Work instructions:
Scan the listing below for the word "straw" and copy every line that has it.
-- Record set follows --
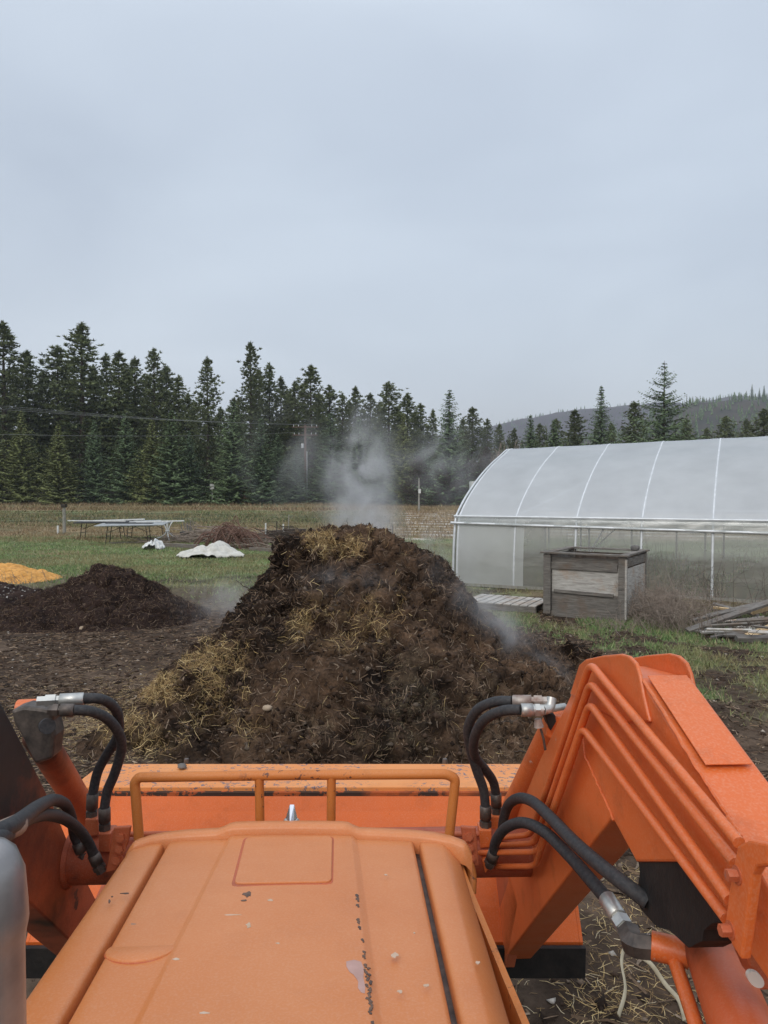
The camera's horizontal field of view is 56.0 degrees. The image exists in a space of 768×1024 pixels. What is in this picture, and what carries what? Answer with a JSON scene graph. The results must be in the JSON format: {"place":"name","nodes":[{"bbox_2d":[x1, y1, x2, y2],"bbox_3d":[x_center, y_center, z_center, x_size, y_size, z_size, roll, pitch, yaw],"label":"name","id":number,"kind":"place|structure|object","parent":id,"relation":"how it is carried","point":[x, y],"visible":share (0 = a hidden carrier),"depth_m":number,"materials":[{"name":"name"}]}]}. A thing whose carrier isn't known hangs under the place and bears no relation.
{"place":"outdoors","nodes":[
{"label":"outdoors","id":0,"kind":"place"},
{"bbox_2d":[0,501,459,511],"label":"dry grass","id":1,"kind":"structure","parent":0,"point":[138,507],"depth_m":64.08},
{"bbox_2d":[0,498,767,1023],"bbox_3d":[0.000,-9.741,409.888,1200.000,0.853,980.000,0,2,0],"label":"ground","id":2,"kind":"structure","parent":0,"point":[534,994],"depth_m":9.66,"materials":[{"name":"soil"}]},
{"bbox_2d":[0,435,17,503],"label":"spruce tree","id":3,"kind":"object","parent":2,"relation":"on","point":[1,474],"visible":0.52,"depth_m":78.46,"materials":[{"name":"green plant"}]},
{"bbox_2d":[0,581,42,605],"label":"gravelly mound","id":4,"kind":"object","parent":2,"relation":"on","point":[17,593],"visible":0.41,"depth_m":13.97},
{"bbox_2d":[0,411,49,503],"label":"spruce tree","id":5,"kind":"object","parent":2,"relation":"on","point":[20,482],"visible":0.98,"depth_m":78.28,"materials":[{"name":"green plant"}]},
{"bbox_2d":[0,320,54,502],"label":"pine tree","id":6,"kind":"object","parent":2,"relation":"on","point":[9,343],"visible":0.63,"depth_m":83.45,"materials":[{"name":"green plant"}]},
{"bbox_2d":[0,563,61,583],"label":"shavings pile","id":7,"kind":"object","parent":2,"relation":"on","point":[21,573],"visible":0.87,"depth_m":17.66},
{"bbox_2d":[0,349,66,495],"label":"pine tree","id":8,"kind":"object","parent":2,"relation":"on","point":[36,397],"visible":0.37,"depth_m":87.32,"materials":[{"name":"green plant"}]},
{"bbox_2d":[9,345,105,495],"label":"pine tree","id":9,"kind":"object","parent":2,"relation":"on","point":[56,355],"visible":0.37,"depth_m":88.45,"materials":[{"name":"green plant"}]},
{"bbox_2d":[27,424,89,505],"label":"spruce tree","id":10,"kind":"object","parent":2,"relation":"on","point":[58,491],"visible":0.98,"depth_m":76.68,"materials":[{"name":"green plant"}]},
{"bbox_2d":[27,321,139,503],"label":"pine tree","id":11,"kind":"object","parent":2,"relation":"on","point":[83,366],"visible":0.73,"depth_m":84.74,"materials":[{"name":"green plant"}]},
{"bbox_2d":[67,420,117,504],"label":"spruce tree","id":12,"kind":"object","parent":2,"relation":"on","point":[94,474],"visible":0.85,"depth_m":78.68,"materials":[{"name":"green plant"}]},
{"bbox_2d":[78,352,129,501],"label":"pine tree","id":13,"kind":"object","parent":2,"relation":"on","point":[105,364],"visible":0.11,"depth_m":91.18,"materials":[{"name":"green plant"}]},
{"bbox_2d":[0,563,210,632],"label":"soil mound","id":14,"kind":"object","parent":2,"relation":"on","point":[92,589],"visible":0.74,"depth_m":11.93,"materials":[{"name":"soil"}]},
{"bbox_2d":[0,563,211,632],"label":"mulch bits","id":15,"kind":"object","parent":14,"relation":"on","point":[105,606],"visible":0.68,"depth_m":11.97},
{"bbox_2d":[75,349,154,491],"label":"pine tree","id":16,"kind":"object","parent":2,"relation":"on","point":[120,410],"visible":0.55,"depth_m":85.99,"materials":[{"name":"green plant"}]},
{"bbox_2d":[89,414,148,504],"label":"spruce tree","id":17,"kind":"object","parent":2,"relation":"on","point":[118,476],"visible":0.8,"depth_m":78.65,"materials":[{"name":"green plant"}]},
{"bbox_2d":[100,525,155,543],"bbox_3d":[-10.540,0.912,29.804,2.100,0.757,0.760,0,2,-6],"label":"folding table","id":18,"kind":"object","parent":2,"relation":"on","point":[125,526],"visible":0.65,"depth_m":29.48,"materials":[{"name":"grey metal"}]},
{"bbox_2d":[94,522,168,526],"bbox_3d":[-10.340,0.501,29.692,2.701,0.114,1.300,0,2,-7],"label":"sheet","id":19,"kind":"object","parent":18,"relation":"on","point":[152,524],"visible":0.95,"depth_m":29.37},
{"bbox_2d":[104,355,160,482],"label":"pine tree","id":20,"kind":"object","parent":2,"relation":"on","point":[135,365],"visible":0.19,"depth_m":92.26,"materials":[{"name":"green plant"}]},
{"bbox_2d":[108,348,191,494],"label":"pine tree","id":21,"kind":"object","parent":2,"relation":"on","point":[156,381],"visible":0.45,"depth_m":87.12,"materials":[{"name":"green plant"}]},
{"bbox_2d":[120,420,179,504],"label":"spruce tree","id":22,"kind":"object","parent":2,"relation":"on","point":[149,457],"visible":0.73,"depth_m":77.48,"materials":[{"name":"green plant"}]},
{"bbox_2d":[138,410,197,504],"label":"spruce tree","id":23,"kind":"object","parent":2,"relation":"on","point":[171,488],"visible":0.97,"depth_m":76.61,"materials":[{"name":"green plant"}]},
{"bbox_2d":[0,520,341,542],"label":"dry grass","id":24,"kind":"structure","parent":2,"relation":"on","point":[89,531],"depth_m":36.92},
{"bbox_2d":[138,365,204,484],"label":"pine tree","id":25,"kind":"object","parent":2,"relation":"on","point":[167,382],"visible":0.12,"depth_m":90.19,"materials":[{"name":"green plant"}]},
{"bbox_2d":[155,375,211,490],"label":"pine tree","id":26,"kind":"object","parent":2,"relation":"on","point":[175,396],"visible":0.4,"depth_m":87.22,"materials":[{"name":"green plant"}]},
{"bbox_2d":[11,402,369,499],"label":"forest depth","id":27,"kind":"object","parent":2,"relation":"on","point":[175,455],"depth_m":110.44,"materials":[{"name":"plant"}]},
{"bbox_2d":[167,392,215,495],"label":"pine tree","id":28,"kind":"object","parent":2,"relation":"on","point":[188,402],"visible":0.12,"depth_m":91.41,"materials":[{"name":"green plant"}]},
{"bbox_2d":[175,431,208,503],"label":"spruce tree","id":29,"kind":"object","parent":2,"relation":"on","point":[190,465],"visible":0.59,"depth_m":79.20,"materials":[{"name":"green plant"}]},
{"bbox_2d":[125,518,274,543],"bbox_3d":[-6.577,0.962,30.730,8.557,1.382,2.771,0,2,0],"label":"brush pile","id":30,"kind":"object","parent":2,"relation":"on","point":[189,536],"visible":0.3,"depth_m":30.27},
{"bbox_2d":[0,509,405,527],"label":"field growth","id":31,"kind":"object","parent":2,"relation":"on","point":[139,513],"visible":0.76,"depth_m":50.14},
{"bbox_2d":[176,541,243,557],"bbox_3d":[-5.783,1.247,24.129,2.397,0.533,1.616,0,2,0],"label":"white sheet","id":32,"kind":"object","parent":2,"relation":"on","point":[217,549],"visible":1,"depth_m":23.71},
{"bbox_2d":[174,356,249,502],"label":"pine tree","id":33,"kind":"object","parent":2,"relation":"on","point":[206,414],"visible":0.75,"depth_m":83.36,"materials":[{"name":"green plant"}]},
{"bbox_2d":[202,407,231,498],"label":"pine tree","id":34,"kind":"object","parent":2,"relation":"on","point":[219,409],"visible":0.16,"depth_m":96.38,"materials":[{"name":"green plant"}]},
{"bbox_2d":[187,402,277,505],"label":"spruce tree","id":35,"kind":"object","parent":2,"relation":"on","point":[231,480],"visible":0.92,"depth_m":76.68,"materials":[{"name":"green plant"}]},
{"bbox_2d":[193,515,274,549],"bbox_3d":[-5.618,0.769,27.484,3.582,1.275,1.666,0,2,0],"label":"vine pile","id":36,"kind":"object","parent":2,"relation":"on","point":[239,535],"visible":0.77,"depth_m":27.27,"materials":[{"name":"brown plant"}]},
{"bbox_2d":[229,537,274,549],"bbox_3d":[-4.966,1.256,27.437,3.605,0.640,1.565,0,2,5],"label":"brush pile","id":37,"kind":"object","parent":2,"relation":"on","point":[266,541],"visible":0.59,"depth_m":27.28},
{"bbox_2d":[218,341,290,497],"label":"pine tree","id":38,"kind":"object","parent":2,"relation":"on","point":[252,409],"visible":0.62,"depth_m":85.18,"materials":[{"name":"green plant"}]},
{"bbox_2d":[238,418,289,505],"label":"spruce tree","id":39,"kind":"object","parent":2,"relation":"on","point":[261,469],"visible":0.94,"depth_m":76.54,"materials":[{"name":"green plant"}]},
{"bbox_2d":[241,362,293,485],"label":"pine tree","id":40,"kind":"object","parent":2,"relation":"on","point":[269,387],"visible":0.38,"depth_m":89.28,"materials":[{"name":"green plant"}]},
{"bbox_2d":[254,524,299,540],"bbox_3d":[-4.201,0.971,30.626,3.900,0.893,1.802,0,2,0],"label":"brush pile","id":41,"kind":"object","parent":2,"relation":"on","point":[272,534],"visible":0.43,"depth_m":30.40,"materials":[{"name":"brown plant"}]},
{"bbox_2d":[254,433,306,503],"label":"spruce tree","id":42,"kind":"object","parent":2,"relation":"on","point":[276,456],"visible":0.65,"depth_m":79.51,"materials":[{"name":"green plant"}]},
{"bbox_2d":[267,376,298,483],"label":"pine tree","id":43,"kind":"object","parent":2,"relation":"on","point":[281,384],"visible":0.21,"depth_m":93.28,"materials":[{"name":"green plant"}]},
{"bbox_2d":[272,380,319,490],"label":"pine tree","id":44,"kind":"object","parent":2,"relation":"on","point":[289,416],"visible":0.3,"depth_m":89.04,"materials":[{"name":"green plant"}]},
{"bbox_2d":[277,445,325,504],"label":"spruce tree","id":45,"kind":"object","parent":2,"relation":"on","point":[296,493],"visible":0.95,"depth_m":79.43,"materials":[{"name":"green plant"}]},
{"bbox_2d":[292,425,317,500],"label":"utility pole","id":46,"kind":"object","parent":2,"relation":"on","point":[303,445],"visible":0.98,"depth_m":81.70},
{"bbox_2d":[278,364,355,502],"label":"pine tree","id":47,"kind":"object","parent":2,"relation":"on","point":[310,373],"visible":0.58,"depth_m":86.91,"materials":[{"name":"green plant"}]},
{"bbox_2d":[0,534,636,603],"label":"grass","id":48,"kind":"structure","parent":2,"relation":"on","point":[130,562],"depth_m":23.55,"materials":[{"name":"plant"}]},
{"bbox_2d":[304,413,351,503],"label":"spruce tree","id":49,"kind":"object","parent":2,"relation":"on","point":[325,482],"visible":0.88,"depth_m":79.37,"materials":[{"name":"green plant"}]},
{"bbox_2d":[305,384,365,495],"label":"pine tree","id":50,"kind":"object","parent":2,"relation":"on","point":[329,398],"visible":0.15,"depth_m":92.29,"materials":[{"name":"green plant"}]},
{"bbox_2d":[74,524,601,763],"bbox_3d":[0.108,1.086,8.094,5.616,1.947,5.722,0,2,0],"label":"compost heap","id":51,"kind":"object","parent":2,"relation":"on","point":[227,754],"visible":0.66,"depth_m":6.39,"materials":[{"name":"soil"}]},
{"bbox_2d":[73,523,603,763],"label":"twigs","id":52,"kind":"object","parent":51,"relation":"on","point":[499,659],"visible":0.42,"depth_m":6.52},
{"bbox_2d":[76,522,602,763],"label":"heap clods","id":53,"kind":"object","parent":51,"relation":"on","point":[367,668],"visible":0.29,"depth_m":6.55,"materials":[{"name":"soil"}]},
{"bbox_2d":[80,524,603,763],"bbox_3d":[0.023,1.098,8.092,5.561,1.990,5.816,0,2,0],"label":"heap straw","id":54,"kind":"object","parent":51,"relation":"on","point":[153,688],"visible":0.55,"depth_m":6.63,"materials":[{"name":"plant"}]},
{"bbox_2d":[236,638,524,763],"bbox_3d":[0.033,1.609,6.076,2.511,0.872,1.265,0,2,-13],"label":"old hay","id":55,"kind":"object","parent":51,"relation":"on","point":[410,712],"visible":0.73,"depth_m":5.92},
{"bbox_2d":[329,463,353,501],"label":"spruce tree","id":56,"kind":"object","parent":2,"relation":"on","point":[342,476],"visible":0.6,"depth_m":78.64,"materials":[{"name":"green plant"}]},
{"bbox_2d":[323,392,367,494],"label":"pine tree","id":57,"kind":"object","parent":2,"relation":"on","point":[343,415],"visible":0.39,"depth_m":89.37,"materials":[{"name":"green plant"}]},
{"bbox_2d":[330,418,378,504],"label":"spruce tree","id":58,"kind":"object","parent":2,"relation":"on","point":[357,470],"visible":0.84,"depth_m":77.50,"materials":[{"name":"green plant"}]},
{"bbox_2d":[339,385,372,487],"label":"pine tree","id":59,"kind":"object","parent":2,"relation":"on","point":[355,402],"visible":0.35,"depth_m":91.43,"materials":[{"name":"green plant"}]},
{"bbox_2d":[360,393,390,480],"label":"pine tree","id":60,"kind":"object","parent":2,"relation":"on","point":[369,398],"visible":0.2,"depth_m":94.37,"materials":[{"name":"green plant"}]},
{"bbox_2d":[348,431,403,505],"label":"spruce tree","id":61,"kind":"object","parent":2,"relation":"on","point":[379,473],"visible":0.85,"depth_m":76.40,"materials":[{"name":"green plant"}]},
{"bbox_2d":[0,653,767,1023],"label":"tractor","id":62,"kind":"object","parent":2,"relation":"on","point":[444,893],"visible":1,"depth_m":1.33,"materials":[{"name":"paint"}]},
{"bbox_2d":[0,600,767,1023],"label":"wood chips","id":63,"kind":"object","parent":2,"relation":"on","point":[62,650],"visible":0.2,"depth_m":9.18,"materials":[{"name":"wood"}]},
{"bbox_2d":[0,606,767,1023],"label":"soil clods","id":64,"kind":"object","parent":2,"relation":"on","point":[600,1004],"visible":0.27,"depth_m":8.55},
{"bbox_2d":[1,596,767,1023],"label":"loose straw","id":65,"kind":"object","parent":2,"relation":"on","point":[613,990],"visible":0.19,"depth_m":3.33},
{"bbox_2d":[352,381,417,499],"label":"pine tree","id":66,"kind":"object","parent":2,"relation":"on","point":[393,418],"visible":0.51,"depth_m":85.37,"materials":[{"name":"green plant"}]},
{"bbox_2d":[338,508,454,537],"bbox_3d":[5.055,0.439,46.499,16.012,0.808,27.263,0,2,0],"label":"field stubble","id":67,"kind":"object","parent":2,"relation":"on","point":[428,528],"visible":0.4,"depth_m":43.81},
{"bbox_2d":[382,413,424,505],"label":"spruce tree","id":68,"kind":"object","parent":2,"relation":"on","point":[403,459],"visible":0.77,"depth_m":76.21,"materials":[{"name":"green plant"}]},
{"bbox_2d":[386,392,433,501],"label":"pine tree","id":69,"kind":"object","parent":2,"relation":"on","point":[407,409],"visible":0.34,"depth_m":87.36,"materials":[{"name":"green plant"}]},
{"bbox_2d":[393,455,437,505],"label":"spruce tree","id":70,"kind":"object","parent":2,"relation":"on","point":[419,472],"visible":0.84,"depth_m":72.70,"materials":[{"name":"green plant"}]},
{"bbox_2d":[392,403,443,486],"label":"pine tree","id":71,"kind":"object","parent":2,"relation":"on","point":[424,428],"visible":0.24,"depth_m":91.42,"materials":[{"name":"green plant"}]},
{"bbox_2d":[409,445,439,503],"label":"spruce tree","id":72,"kind":"object","parent":2,"relation":"on","point":[423,452],"visible":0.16,"depth_m":78.56,"materials":[{"name":"green plant"}]},
{"bbox_2d":[421,409,443,490],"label":"pine tree","id":73,"kind":"object","parent":2,"relation":"on","point":[433,420],"visible":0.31,"depth_m":94.49,"materials":[{"name":"green plant"}]},
{"bbox_2d":[415,463,463,505],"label":"bush","id":74,"kind":"object","parent":2,"relation":"on","point":[444,492],"visible":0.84,"depth_m":70.63,"materials":[{"name":"green plant"}]},
{"bbox_2d":[408,390,481,505],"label":"fir tree","id":75,"kind":"object","parent":2,"relation":"on","point":[447,447],"visible":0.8,"depth_m":71.33,"materials":[{"name":"green plant"}]},
{"bbox_2d":[454,458,481,503],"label":"spruce tree","id":76,"kind":"object","parent":2,"relation":"on","point":[469,464],"visible":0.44,"depth_m":71.64,"materials":[{"name":"green plant"}]},
{"bbox_2d":[453,406,490,483],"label":"pine tree","id":77,"kind":"object","parent":2,"relation":"on","point":[470,439],"visible":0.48,"depth_m":85.48,"materials":[{"name":"green plant"}]},
{"bbox_2d":[470,446,495,478],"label":"spruce tree","id":78,"kind":"object","parent":2,"relation":"on","point":[483,460],"visible":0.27,"depth_m":73.62,"materials":[{"name":"green plant"}]},
{"bbox_2d":[474,418,497,477],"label":"pine tree","id":79,"kind":"object","parent":2,"relation":"on","point":[487,443],"visible":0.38,"depth_m":87.52,"materials":[{"name":"green plant"}]},
{"bbox_2d":[492,424,508,456],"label":"pine tree","id":80,"kind":"object","parent":2,"relation":"on","point":[498,430],"visible":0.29,"depth_m":92.54,"materials":[{"name":"green plant"}]},
{"bbox_2d":[474,594,542,612],"bbox_3d":[2.350,1.738,13.805,1.420,0.126,1.050,1,2,28],"label":"pallet","id":81,"kind":"object","parent":2,"relation":"on","point":[508,603],"visible":0.88,"depth_m":13.45,"materials":[{"name":"grey wood"}]},
{"bbox_2d":[520,414,540,448],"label":"spruce tree","id":82,"kind":"object","parent":2,"relation":"on","point":[528,443],"visible":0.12,"depth_m":77.77,"materials":[{"name":"green plant"}]},
{"bbox_2d":[534,423,548,447],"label":"pine tree","id":83,"kind":"object","parent":2,"relation":"on","point":[540,431],"visible":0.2,"depth_m":103.59,"materials":[{"name":"green plant"}]},
{"bbox_2d":[545,420,561,446],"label":"spruce tree","id":84,"kind":"object","parent":2,"relation":"on","point":[554,440],"visible":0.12,"depth_m":77.61,"materials":[{"name":"green plant"}]},
{"bbox_2d":[560,409,593,445],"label":"pine tree","id":85,"kind":"object","parent":2,"relation":"on","point":[575,425],"visible":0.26,"depth_m":83.54,"materials":[{"name":"green plant"}]},
{"bbox_2d":[540,546,649,621],"bbox_3d":[3.820,1.263,13.030,1.530,1.141,1.510,1,2,33],"label":"wooden bin","id":86,"kind":"object","parent":2,"relation":"on","point":[574,580],"visible":0.91,"depth_m":12.52,"materials":[{"name":"grey wood"}]},
{"bbox_2d":[581,385,622,445],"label":"fir tree","id":87,"kind":"object","parent":2,"relation":"on","point":[601,423],"visible":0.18,"depth_m":73.60,"materials":[{"name":"green plant"}]},
{"bbox_2d":[450,436,767,602],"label":"greenhouse","id":88,"kind":"object","parent":2,"relation":"on","point":[512,497],"visible":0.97,"depth_m":16.69,"materials":[{"name":"plastic"}]},
{"bbox_2d":[515,603,732,638],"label":"dry weeds","id":89,"kind":"object","parent":2,"relation":"on","point":[631,621],"visible":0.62,"depth_m":11.56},
{"bbox_2d":[503,419,759,448],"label":"distant forest","id":90,"kind":"object","parent":2,"relation":"on","point":[522,443],"depth_m":134.21,"materials":[{"name":"plant"}]},
{"bbox_2d":[614,400,654,443],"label":"pine tree","id":91,"kind":"object","parent":2,"relation":"on","point":[634,409],"visible":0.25,"depth_m":87.47,"materials":[{"name":"green plant"}]},
{"bbox_2d":[524,523,767,596],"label":"greenhouse weeds","id":92,"kind":"object","parent":2,"relation":"on","point":[739,559],"visible":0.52,"depth_m":19.11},
{"bbox_2d":[617,948,685,1020],"bbox_3d":[1.121,2.046,3.151,0.302,0.124,0.323,0,2,0],"label":"strap","id":93,"kind":"object","parent":2,"relation":"on","point":[673,993],"visible":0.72,"depth_m":3.16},
{"bbox_2d":[617,361,712,442],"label":"fir tree","id":94,"kind":"object","parent":2,"relation":"on","point":[662,423],"visible":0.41,"depth_m":73.60,"materials":[{"name":"green plant"}]},
{"bbox_2d":[586,569,766,638],"bbox_3d":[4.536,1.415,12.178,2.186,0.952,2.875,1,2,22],"label":"dry weeds","id":95,"kind":"object","parent":2,"relation":"on","point":[660,609],"visible":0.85,"depth_m":11.74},
{"bbox_2d":[646,558,767,613],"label":"tall weeds","id":96,"kind":"object","parent":2,"relation":"on","point":[698,565],"visible":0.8,"depth_m":13.34,"materials":[{"name":"brown plant"}]},
{"bbox_2d":[662,602,767,635],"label":"dry weeds","id":97,"kind":"object","parent":2,"relation":"on","point":[763,624],"visible":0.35,"depth_m":11.37,"materials":[{"name":"brown plant"}]},
{"bbox_2d":[707,416,744,438],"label":"pine tree","id":98,"kind":"object","parent":2,"relation":"on","point":[726,427],"visible":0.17,"depth_m":99.56,"materials":[{"name":"green plant"}]},
{"bbox_2d":[685,600,767,632],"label":"plank","id":99,"kind":"object","parent":2,"relation":"on","point":[749,609],"visible":0.72,"depth_m":11.41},
{"bbox_2d":[735,635,767,642],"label":"plank","id":100,"kind":"object","parent":2,"relation":"on","point":[749,638],"visible":0.95,"depth_m":10.62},
{"bbox_2d":[736,408,767,437],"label":"pine tree","id":101,"kind":"object","parent":2,"relation":"on","point":[763,416],"visible":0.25,"depth_m":79.68,"materials":[{"name":"green plant"}]},
{"bbox_2d":[0,0,767,446],"label":"sky","id":102,"kind":"structure","parent":0,"point":[519,209],"materials":[{"name":"grey"}]},
{"bbox_2d":[7,618,765,1020],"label":"pebbles","id":103,"kind":"object","parent":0,"point":[553,1000],"visible":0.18,"depth_m":6.63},
{"bbox_2d":[416,396,767,464],"bbox_3d":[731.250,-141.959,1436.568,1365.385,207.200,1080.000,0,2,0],"label":"hills","id":104,"kind":"structure","parent":0,"point":[545,421],"depth_m":1319.22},
{"bbox_2d":[431,394,767,451],"bbox_3d":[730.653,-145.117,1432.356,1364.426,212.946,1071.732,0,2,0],"label":"hillside forest","id":105,"kind":"object","parent":104,"relation":"on","point":[585,411],"visible":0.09,"depth_m":1363.73,"materials":[{"name":"plant"}]},
{"bbox_2d":[494,610,767,726],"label":"grass","id":106,"kind":"structure","parent":0,"point":[688,637],"depth_m":10.40,"materials":[{"name":"plant"}]},
{"bbox_2d":[523,551,767,599],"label":"greenhouse grass","id":107,"kind":"structure","parent":0,"point":[680,573],"depth_m":18.26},
{"bbox_2d":[564,400,767,445],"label":"hills","id":108,"kind":"structure","parent":0,"point":[722,413],"depth_m":544.11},
{"bbox_2d":[563,392,767,443],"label":"hillside forest","id":109,"kind":"object","parent":108,"relation":"on","point":[701,415],"visible":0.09,"depth_m":550.16,"materials":[{"name":"plant"}]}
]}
-- Record set concluded --
Written solution:
{"bbox_2d":[80,524,603,763],"bbox_3d":[0.023,1.098,8.092,5.561,1.990,5.816,0,2,0],"label":"heap straw","id":54,"kind":"object","parent":51,"relation":"on","point":[153,688],"visible":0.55,"depth_m":6.63,"materials":[{"name":"plant"}]},
{"bbox_2d":[1,596,767,1023],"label":"loose straw","id":65,"kind":"object","parent":2,"relation":"on","point":[613,990],"visible":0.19,"depth_m":3.33},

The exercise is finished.